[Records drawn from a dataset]
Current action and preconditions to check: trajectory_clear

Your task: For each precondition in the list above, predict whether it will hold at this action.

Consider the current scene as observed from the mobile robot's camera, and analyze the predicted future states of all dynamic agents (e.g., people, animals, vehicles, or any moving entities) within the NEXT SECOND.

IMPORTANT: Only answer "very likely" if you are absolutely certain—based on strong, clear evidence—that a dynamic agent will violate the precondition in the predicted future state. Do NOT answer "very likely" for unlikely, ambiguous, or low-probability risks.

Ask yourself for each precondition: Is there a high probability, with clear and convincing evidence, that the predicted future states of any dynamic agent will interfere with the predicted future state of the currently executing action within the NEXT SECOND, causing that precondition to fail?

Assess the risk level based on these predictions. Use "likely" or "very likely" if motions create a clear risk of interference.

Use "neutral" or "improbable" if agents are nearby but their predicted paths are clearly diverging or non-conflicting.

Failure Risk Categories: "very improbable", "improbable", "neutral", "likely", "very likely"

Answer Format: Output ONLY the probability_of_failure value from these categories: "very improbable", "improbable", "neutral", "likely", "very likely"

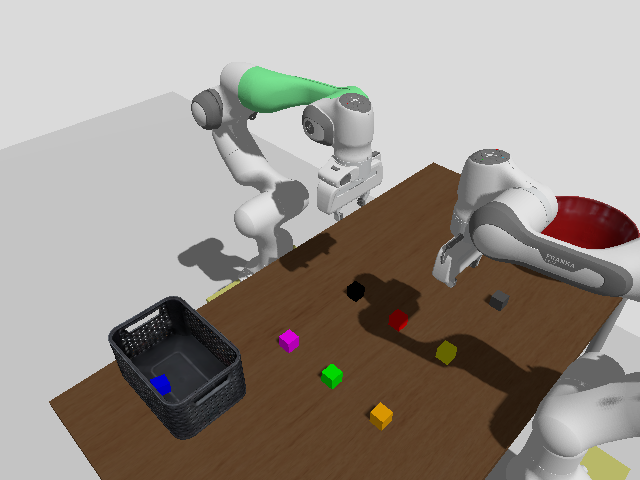

Answer: very improbable
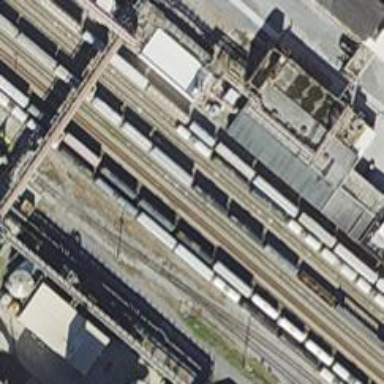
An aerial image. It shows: Railway yard in service.
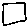
Label: square
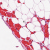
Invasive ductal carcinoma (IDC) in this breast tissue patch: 0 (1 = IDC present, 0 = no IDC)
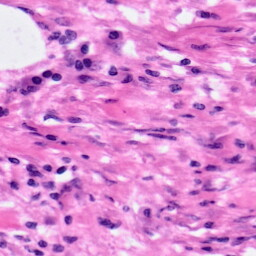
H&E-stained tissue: Pancreatic
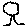
Label: tree
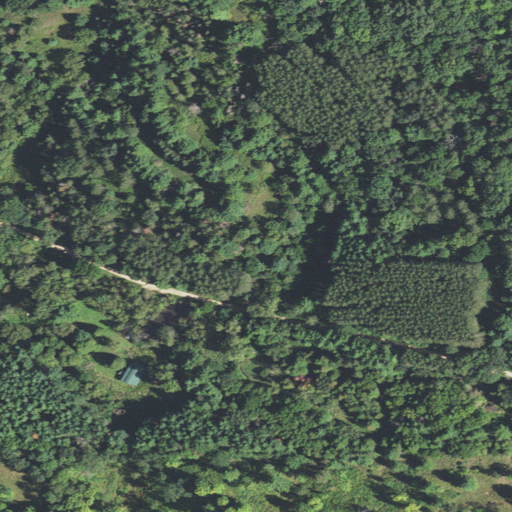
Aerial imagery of mountain in Wisconsin named Mount Sally containing mixed forest, evergreen forest, deciduous forest, open development, and low intensity development
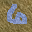
Label: 6
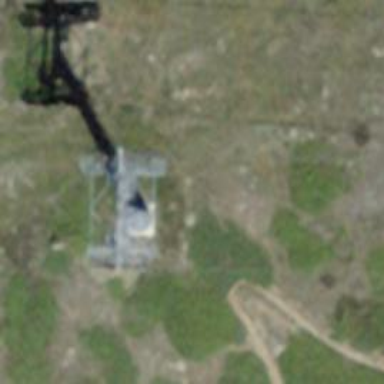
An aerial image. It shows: Pylon for aerialway.
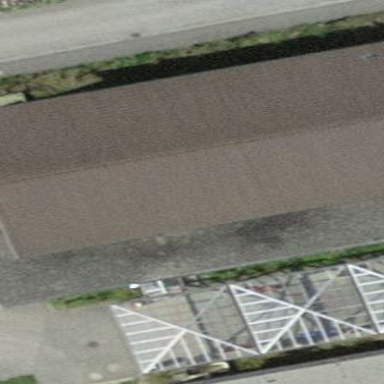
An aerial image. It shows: Building.
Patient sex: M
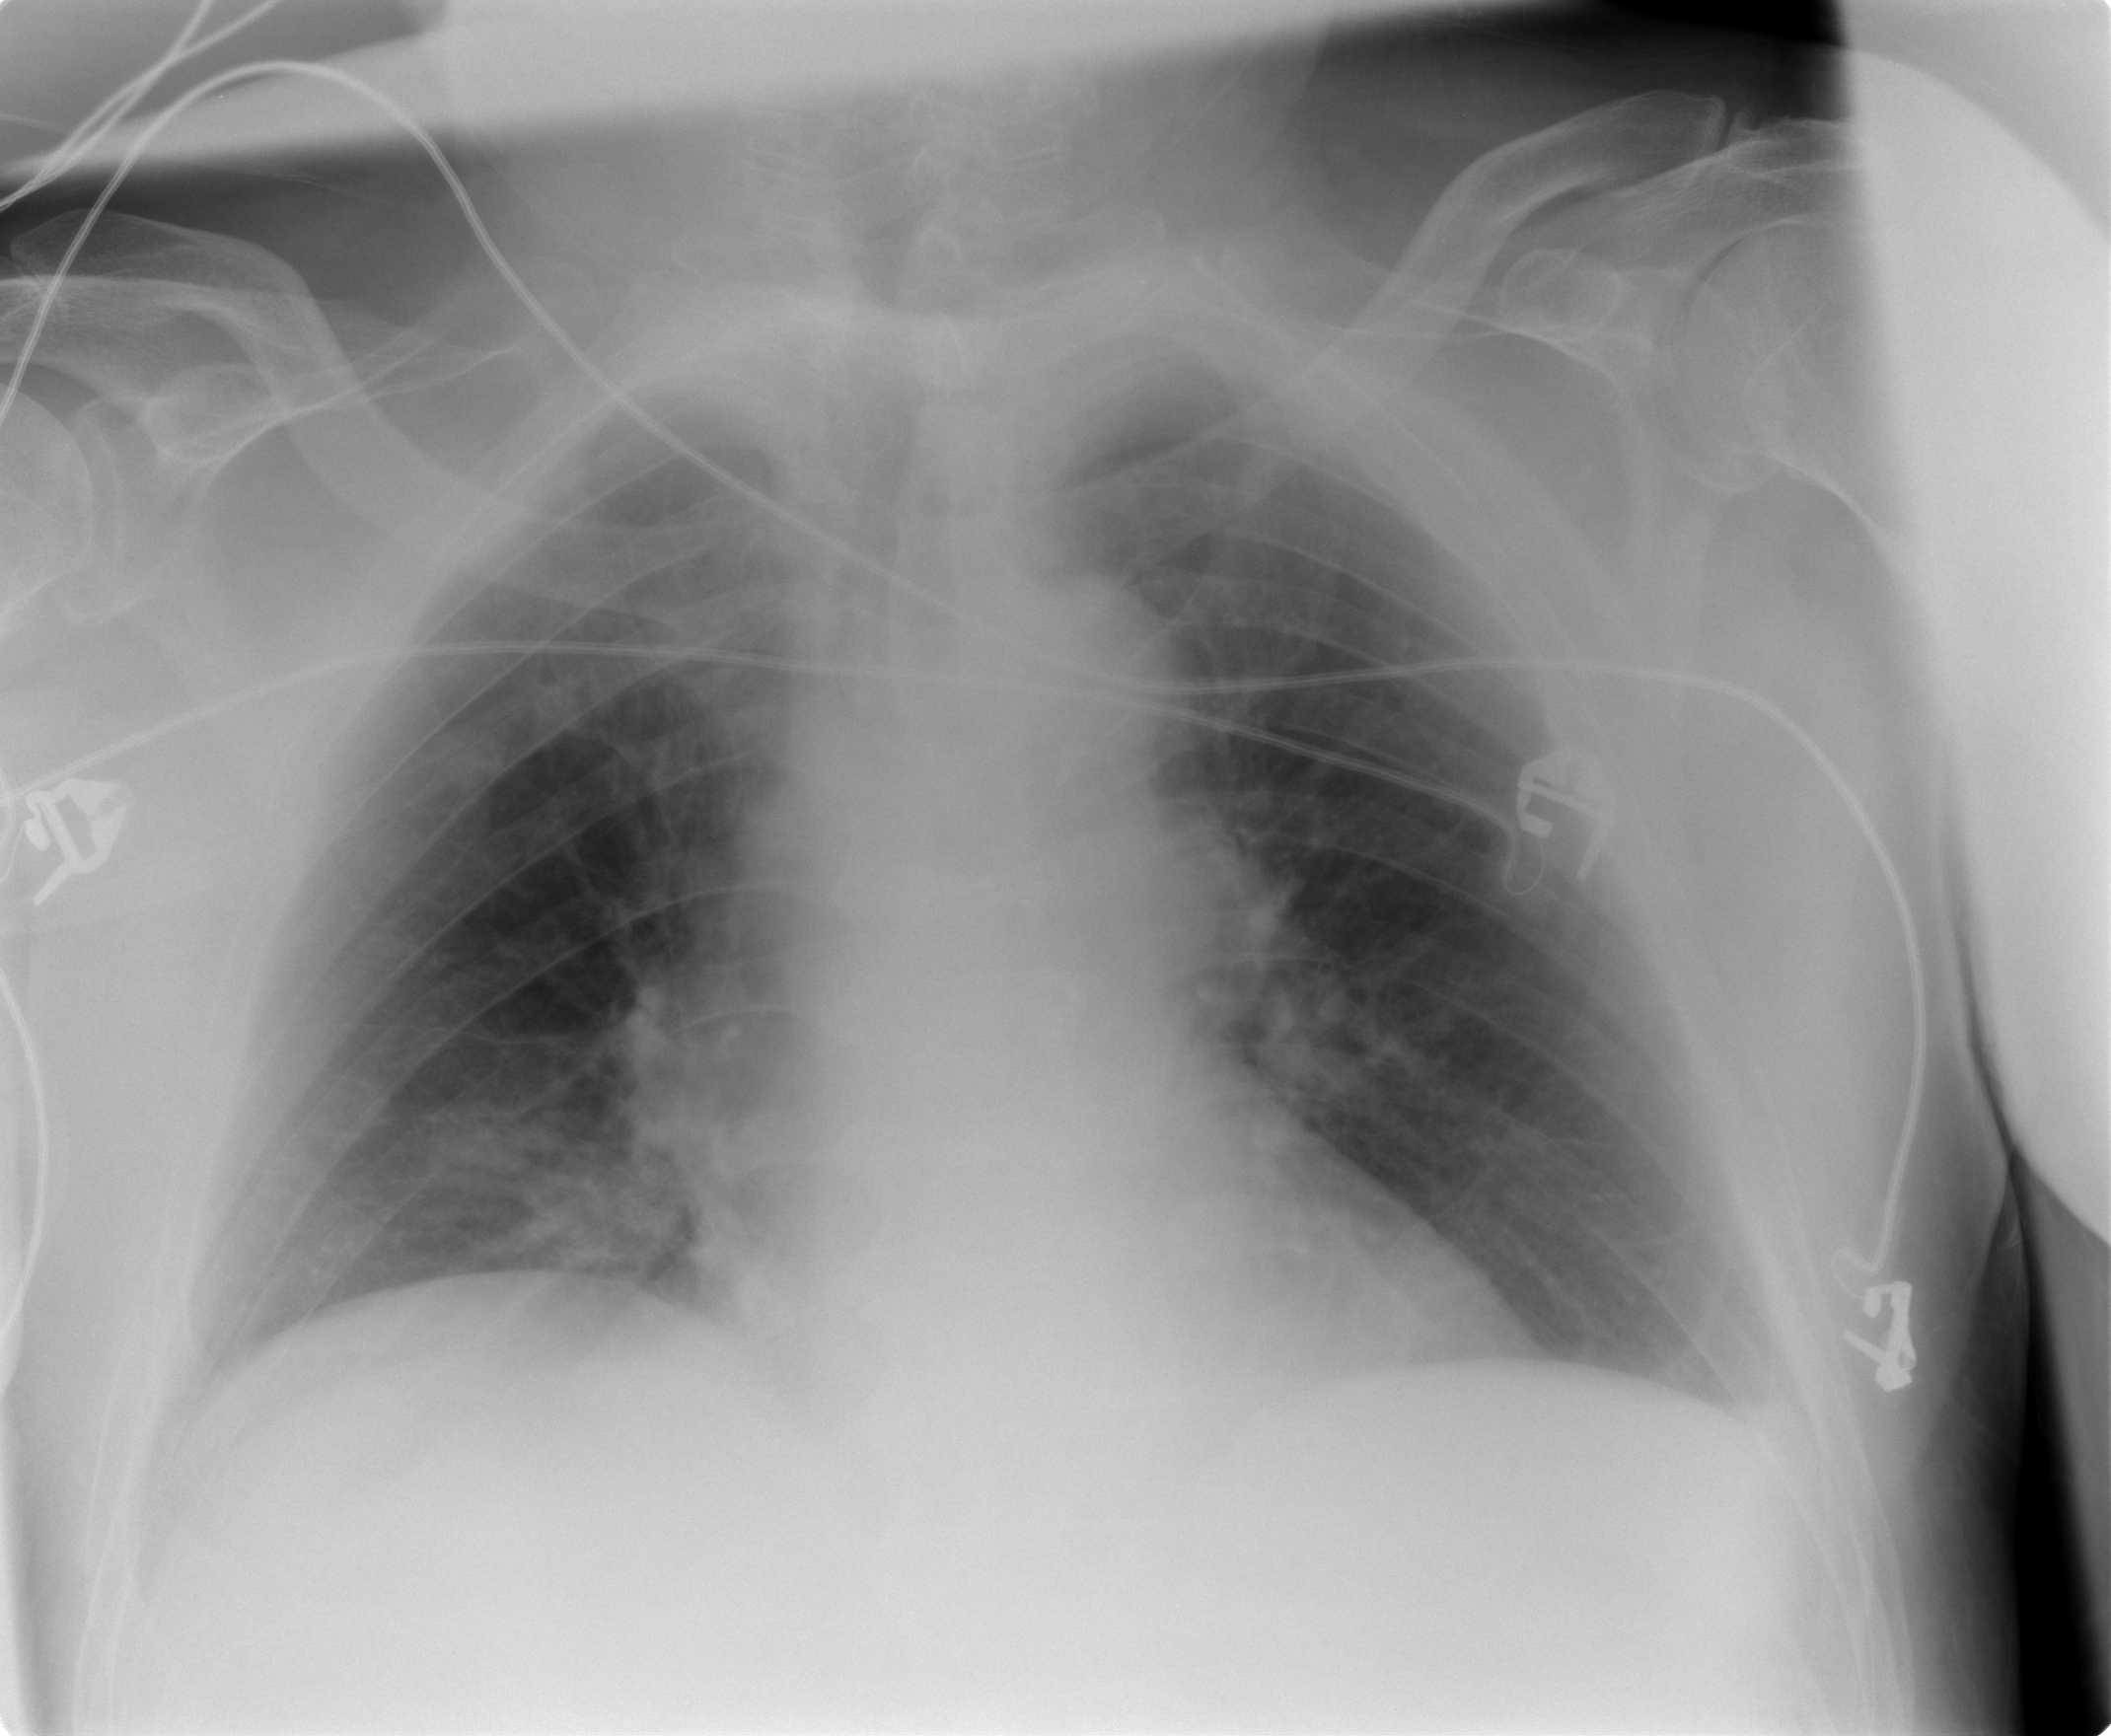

# EXERCISE DESCRIPTION
Your task is to transcribe exactly the lines from the one containing "Aerial imagery of" through the final line of the entries above, pictures excluded.

# SOLUTION
Aerial imagery of mountain in Wisconsin named Mount Sally containing mixed forest, evergreen forest, deciduous forest, open development, and low intensity development
Label: 6
An aerial image. It shows: Pylon for aerialway.
An aerial image. It shows: Building.
Patient sex: M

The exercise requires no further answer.